Exercise:
The records must be duplicated exactly, with every picture left out.

[Opening Data for processing section]

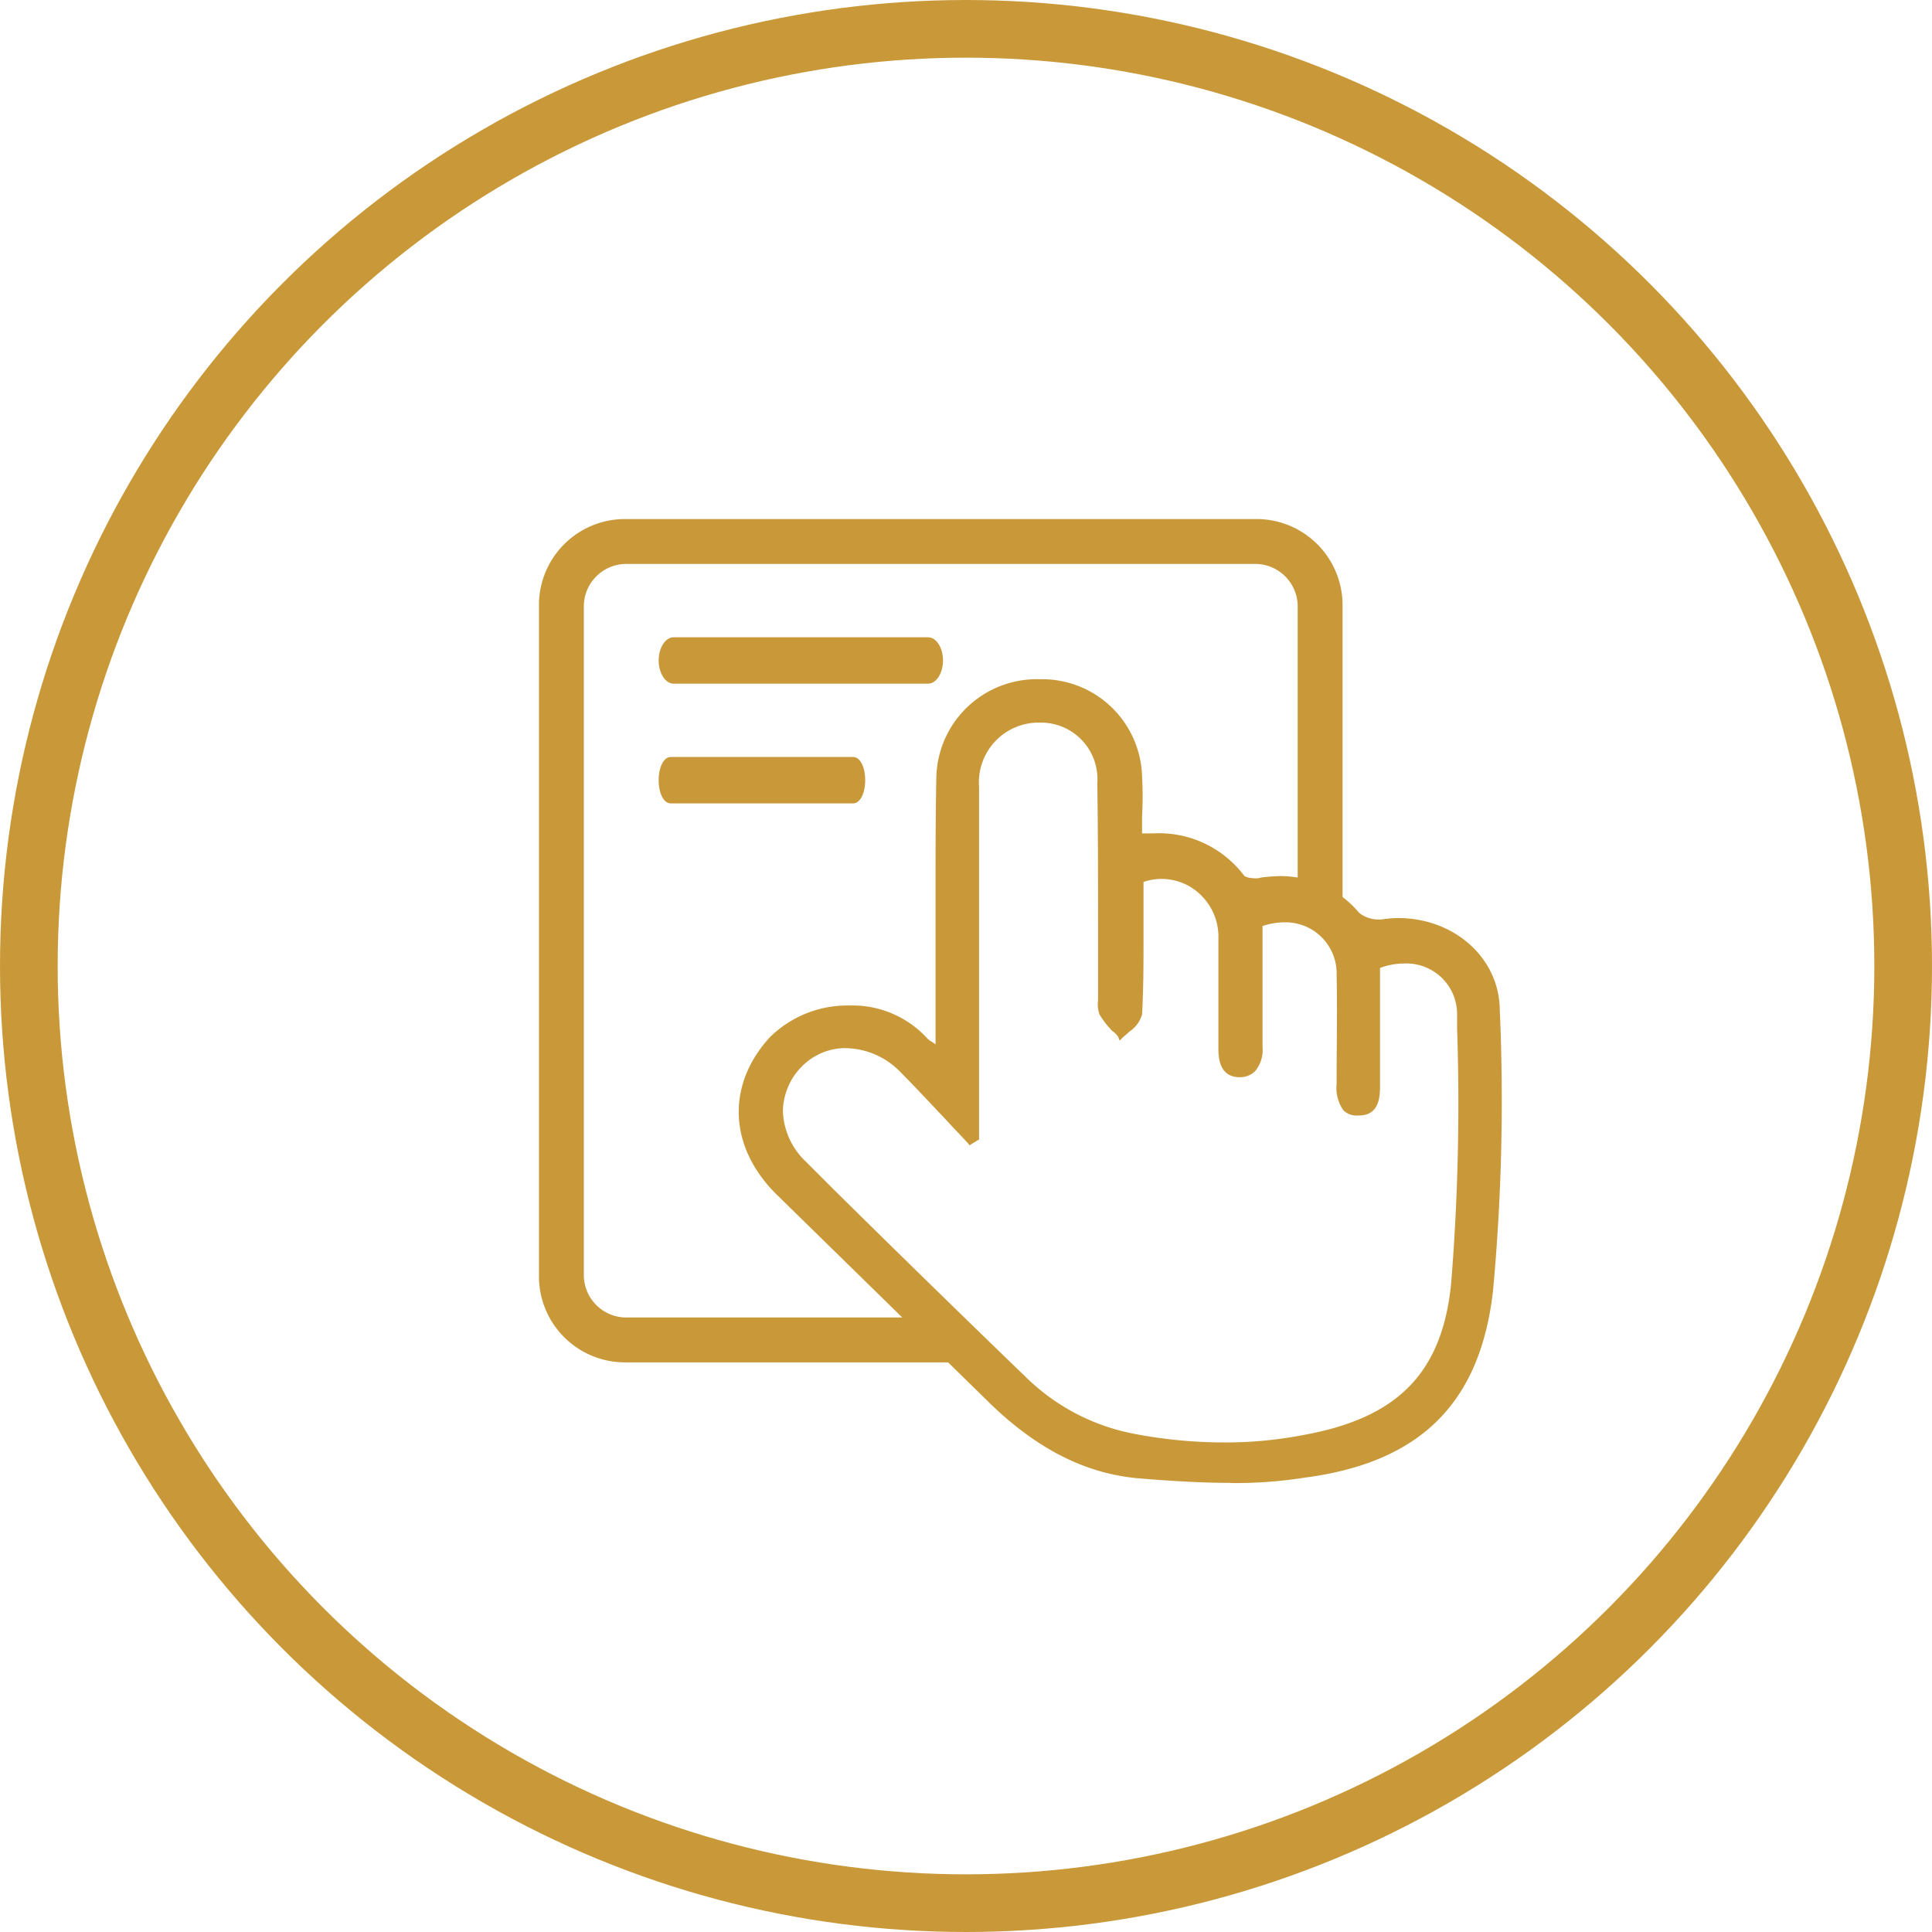 <svg xmlns="http://www.w3.org/2000/svg" width="134" height="134" viewBox="0 0 134 134">
  <g id="Group_69" data-name="Group 69" transform="translate(-1221 -788)">
    <g id="_9b0265f56784a9b4a842e992957982b9" data-name="9b0265f56784a9b4a842e992957982b9" transform="translate(1221 788)" fill="none" stroke="#c99939" stroke-width="4">
      <circle cx="67" cy="67" r="67" stroke="none"/>
      <circle cx="67" cy="67" r="65" fill="none"/>
    </g>
    <g id="order-1-svgrepo-com" transform="translate(1258.36 824)">
      <path id="Path_77" data-name="Path 77" d="M5.988,58.492A5.969,5.969,0,0,1,.02,52.523V5.969A5.969,5.969,0,0,1,5.988,0h43.8a5.969,5.969,0,0,1,5.969,5.969V27.974l-.208-.052a9.057,9.057,0,0,0-2.647-.363h-.052L52.8,27.4h-.156V5.969a2.951,2.951,0,0,0-2.855-2.855H5.988A2.951,2.951,0,0,0,3.134,5.969V52.523a2.951,2.951,0,0,0,2.855,2.855H28.98l.052.052a1.468,1.468,0,0,1,.052,1.765c-.208.363-.311.623.052.986l.311.311H5.988Z" transform="translate(0)" fill="#c99939"/>
      <path id="Path_78" data-name="Path 78" d="M128.263,128.833c-.571,0-1.038-.727-1.038-1.609s.467-1.609,1.038-1.609h17.646c.571,0,1.038.727,1.038,1.609s-.467,1.609-1.038,1.609Z" transform="translate(-118.901 -117.415)" fill="#c99939"/>
      <path id="Path_79" data-name="Path 79" d="M145.909,128H128.263c-.467,0-.882.623-.882,1.453s.415,1.453.882,1.453h17.646c.467,0,.882-.623.882-1.453S146.428,128,145.909,128Zm-17.854,11.366c-.467,0-.83-.675-.83-1.609s.363-1.609.83-1.609h12.664c.467,0,.83.675.83,1.609s-.363,1.609-.83,1.609Z" transform="translate(-118.901 -119.644)" fill="#c99939"/>
      <path id="Path_80" data-name="Path 80" d="M143.691,175.69H131.028c-.363,0-.623.623-.623,1.453s.259,1.453.623,1.453h12.664c.363,0,.623-.623.623-1.453S144,175.69,143.691,175.69Zm26.158,50.188c-1.817,0-3.789-.1-6.332-.311-3.685-.311-7.058-2.024-10.328-5.19l-14.74-14.428c-3.425-3.322-3.581-7.681-.519-11a7.675,7.675,0,0,1,5.5-2.18,7.036,7.036,0,0,1,5.4,2.284,1.291,1.291,0,0,0,.363.259c.052.052.156.1.208.156v-10.38c0-2.647,0-5.346.052-7.993a6.97,6.97,0,0,1,7.162-6.955h.052a6.934,6.934,0,0,1,7.058,6.747,24.308,24.308,0,0,1,0,2.751v1.194h.779a7.391,7.391,0,0,1,6.28,2.906c.052.1.363.208.779.208a1.012,1.012,0,0,0,.415-.052,12.781,12.781,0,0,1,1.349-.1,7.131,7.131,0,0,1,5.45,2.543,2.107,2.107,0,0,0,1.349.467h.208a8.488,8.488,0,0,1,1.142-.1c3.893,0,7.007,2.751,7.058,6.332a143.547,143.547,0,0,1-.467,19.515c-.882,7.785-5.034,11.937-13.131,12.975a30.415,30.415,0,0,1-5.086.363Zm-26.677-30.154a4.262,4.262,0,0,0-2.906,1.142,4.512,4.512,0,0,0-1.453,3.218,5.049,5.049,0,0,0,1.609,3.529l1.972,1.972c4.308,4.256,8.771,8.615,13.235,12.923a14.636,14.636,0,0,0,7.422,3.944,33.134,33.134,0,0,0,6.332.623,28.358,28.358,0,0,0,5.553-.519c6.591-1.194,9.6-4.36,10.224-10.484a155.282,155.282,0,0,0,.415-17.7v-.934a3.518,3.518,0,0,0-3.685-3.581,4.7,4.7,0,0,0-1.661.311v8.1c0,.727,0,2.128-1.453,2.128h-.052a1.268,1.268,0,0,1-1.038-.363,2.665,2.665,0,0,1-.467-1.817V197.9c0-2.387.052-4.827,0-7.266A3.547,3.547,0,0,0,173.586,187a4.822,4.822,0,0,0-1.505.259v8.408a2.281,2.281,0,0,1-.519,1.661,1.487,1.487,0,0,1-1.09.415h-.052c-1.4-.052-1.4-1.505-1.4-2.024v-7.785a4.025,4.025,0,0,0-1.194-2.8,3.86,3.86,0,0,0-2.7-1.142,3.771,3.771,0,0,0-1.3.208v3.737c0,1.765,0,3.633-.1,5.45a2.133,2.133,0,0,1-.882,1.194c-.156.156-.363.311-.519.467l-.156.156-.1-.26a1.58,1.58,0,0,0-.415-.415,6.116,6.116,0,0,1-.882-1.142,2.145,2.145,0,0,1-.1-.986v-4.931c0-3.322,0-6.747-.052-10.121a3.916,3.916,0,0,0-3.944-4.2,4.144,4.144,0,0,0-4.256,4.463v24.445l-.675.415-.052-.1c-.467-.519-.986-1.038-1.453-1.557-1.09-1.142-2.232-2.387-3.374-3.529a5.373,5.373,0,0,0-3.685-1.557Z" transform="translate(-121.873 -159.03)" fill="#c99939"/>
    </g>
  </g>
</svg>

[Closing Data for processing section]

Solution to this problem:
 <svg xmlns="http://www.w3.org/2000/svg" width="134" height="134" viewBox="0 0 134 134">
  <g id="Group_69" data-name="Group 69" transform="translate(-1221 -788)">
    <g id="_9b0265f56784a9b4a842e992957982b9" data-name="9b0265f56784a9b4a842e992957982b9" transform="translate(1221 788)" fill="none" stroke="#c99939" stroke-width="4">
      <circle cx="67" cy="67" r="67" stroke="none"/>
      <circle cx="67" cy="67" r="65" fill="none"/>
    </g>
    <g id="order-1-svgrepo-com" transform="translate(1258.36 824)">
      <path id="Path_77" data-name="Path 77" d="M5.988,58.492A5.969,5.969,0,0,1,.02,52.523V5.969A5.969,5.969,0,0,1,5.988,0h43.8a5.969,5.969,0,0,1,5.969,5.969V27.974l-.208-.052a9.057,9.057,0,0,0-2.647-.363h-.052L52.8,27.4h-.156V5.969a2.951,2.951,0,0,0-2.855-2.855H5.988A2.951,2.951,0,0,0,3.134,5.969V52.523a2.951,2.951,0,0,0,2.855,2.855H28.98l.052.052a1.468,1.468,0,0,1,.052,1.765c-.208.363-.311.623.052.986l.311.311H5.988Z" transform="translate(0)" fill="#c99939"/>
      <path id="Path_78" data-name="Path 78" d="M128.263,128.833c-.571,0-1.038-.727-1.038-1.609s.467-1.609,1.038-1.609h17.646c.571,0,1.038.727,1.038,1.609s-.467,1.609-1.038,1.609Z" transform="translate(-118.901 -117.415)" fill="#c99939"/>
      <path id="Path_79" data-name="Path 79" d="M145.909,128H128.263c-.467,0-.882.623-.882,1.453s.415,1.453.882,1.453h17.646c.467,0,.882-.623.882-1.453S146.428,128,145.909,128Zm-17.854,11.366c-.467,0-.83-.675-.83-1.609s.363-1.609.83-1.609h12.664c.467,0,.83.675.83,1.609s-.363,1.609-.83,1.609Z" transform="translate(-118.901 -119.644)" fill="#c99939"/>
      <path id="Path_80" data-name="Path 80" d="M143.691,175.69H131.028c-.363,0-.623.623-.623,1.453s.259,1.453.623,1.453h12.664c.363,0,.623-.623.623-1.453S144,175.69,143.691,175.69Zm26.158,50.188c-1.817,0-3.789-.1-6.332-.311-3.685-.311-7.058-2.024-10.328-5.19l-14.74-14.428c-3.425-3.322-3.581-7.681-.519-11a7.675,7.675,0,0,1,5.5-2.18,7.036,7.036,0,0,1,5.4,2.284,1.291,1.291,0,0,0,.363.259c.052.052.156.1.208.156v-10.38c0-2.647,0-5.346.052-7.993a6.97,6.97,0,0,1,7.162-6.955h.052a6.934,6.934,0,0,1,7.058,6.747,24.308,24.308,0,0,1,0,2.751v1.194h.779a7.391,7.391,0,0,1,6.28,2.906c.052.1.363.208.779.208a1.012,1.012,0,0,0,.415-.052,12.781,12.781,0,0,1,1.349-.1,7.131,7.131,0,0,1,5.45,2.543,2.107,2.107,0,0,0,1.349.467h.208a8.488,8.488,0,0,1,1.142-.1c3.893,0,7.007,2.751,7.058,6.332a143.547,143.547,0,0,1-.467,19.515c-.882,7.785-5.034,11.937-13.131,12.975a30.415,30.415,0,0,1-5.086.363Zm-26.677-30.154a4.262,4.262,0,0,0-2.906,1.142,4.512,4.512,0,0,0-1.453,3.218,5.049,5.049,0,0,0,1.609,3.529l1.972,1.972c4.308,4.256,8.771,8.615,13.235,12.923a14.636,14.636,0,0,0,7.422,3.944,33.134,33.134,0,0,0,6.332.623,28.358,28.358,0,0,0,5.553-.519c6.591-1.194,9.6-4.36,10.224-10.484a155.282,155.282,0,0,0,.415-17.7v-.934a3.518,3.518,0,0,0-3.685-3.581,4.7,4.7,0,0,0-1.661.311v8.1c0,.727,0,2.128-1.453,2.128h-.052a1.268,1.268,0,0,1-1.038-.363,2.665,2.665,0,0,1-.467-1.817V197.9c0-2.387.052-4.827,0-7.266A3.547,3.547,0,0,0,173.586,187a4.822,4.822,0,0,0-1.505.259v8.408a2.281,2.281,0,0,1-.519,1.661,1.487,1.487,0,0,1-1.09.415h-.052c-1.4-.052-1.4-1.505-1.4-2.024v-7.785a4.025,4.025,0,0,0-1.194-2.8,3.86,3.86,0,0,0-2.7-1.142,3.771,3.771,0,0,0-1.3.208v3.737c0,1.765,0,3.633-.1,5.45a2.133,2.133,0,0,1-.882,1.194c-.156.156-.363.311-.519.467l-.156.156-.1-.26a1.58,1.58,0,0,0-.415-.415,6.116,6.116,0,0,1-.882-1.142,2.145,2.145,0,0,1-.1-.986v-4.931c0-3.322,0-6.747-.052-10.121a3.916,3.916,0,0,0-3.944-4.2,4.144,4.144,0,0,0-4.256,4.463v24.445l-.675.415-.052-.1c-.467-.519-.986-1.038-1.453-1.557-1.09-1.142-2.232-2.387-3.374-3.529a5.373,5.373,0,0,0-3.685-1.557Z" transform="translate(-121.873 -159.03)" fill="#c99939"/>
    </g>
  </g>
</svg>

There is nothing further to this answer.